— Extracted data entries —
============================================================

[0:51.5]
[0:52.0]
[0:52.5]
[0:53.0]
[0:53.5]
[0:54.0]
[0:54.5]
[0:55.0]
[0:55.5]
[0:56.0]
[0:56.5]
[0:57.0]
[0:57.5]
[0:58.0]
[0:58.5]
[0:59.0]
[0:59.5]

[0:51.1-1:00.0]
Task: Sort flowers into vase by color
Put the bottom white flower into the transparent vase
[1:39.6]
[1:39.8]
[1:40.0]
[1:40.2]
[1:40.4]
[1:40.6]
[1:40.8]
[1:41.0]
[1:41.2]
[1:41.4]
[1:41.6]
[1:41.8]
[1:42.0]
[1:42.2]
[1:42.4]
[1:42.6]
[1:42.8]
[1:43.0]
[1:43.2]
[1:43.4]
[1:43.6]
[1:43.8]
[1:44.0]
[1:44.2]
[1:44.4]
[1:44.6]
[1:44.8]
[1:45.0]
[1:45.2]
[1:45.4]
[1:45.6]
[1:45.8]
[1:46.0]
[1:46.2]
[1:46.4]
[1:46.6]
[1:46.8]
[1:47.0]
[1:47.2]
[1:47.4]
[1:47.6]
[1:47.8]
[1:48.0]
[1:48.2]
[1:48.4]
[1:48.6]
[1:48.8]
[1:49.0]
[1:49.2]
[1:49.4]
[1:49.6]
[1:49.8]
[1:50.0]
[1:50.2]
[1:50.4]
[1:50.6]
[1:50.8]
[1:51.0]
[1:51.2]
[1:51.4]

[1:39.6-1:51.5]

============================================================

— Problem description —
Copy out the entries in full, exactly as they appear.

— Exercise output —
[0:51.5]
[0:52.0]
[0:52.5]
[0:53.0]
[0:53.5]
[0:54.0]
[0:54.5]
[0:55.0]
[0:55.5]
[0:56.0]
[0:56.5]
[0:57.0]
[0:57.5]
[0:58.0]
[0:58.5]
[0:59.0]
[0:59.5]

[0:51.1-1:00.0]
Task: Sort flowers into vase by color
Put the bottom white flower into the transparent vase
[1:39.6]
[1:39.8]
[1:40.0]
[1:40.2]
[1:40.4]
[1:40.6]
[1:40.8]
[1:41.0]
[1:41.2]
[1:41.4]
[1:41.6]
[1:41.8]
[1:42.0]
[1:42.2]
[1:42.4]
[1:42.6]
[1:42.8]
[1:43.0]
[1:43.2]
[1:43.4]
[1:43.6]
[1:43.8]
[1:44.0]
[1:44.2]
[1:44.4]
[1:44.6]
[1:44.8]
[1:45.0]
[1:45.2]
[1:45.4]
[1:45.6]
[1:45.8]
[1:46.0]
[1:46.2]
[1:46.4]
[1:46.6]
[1:46.8]
[1:47.0]
[1:47.2]
[1:47.4]
[1:47.6]
[1:47.8]
[1:48.0]
[1:48.2]
[1:48.4]
[1:48.6]
[1:48.8]
[1:49.0]
[1:49.2]
[1:49.4]
[1:49.6]
[1:49.8]
[1:50.0]
[1:50.2]
[1:50.4]
[1:50.6]
[1:50.8]
[1:51.0]
[1:51.2]
[1:51.4]

[1:39.6-1:51.5]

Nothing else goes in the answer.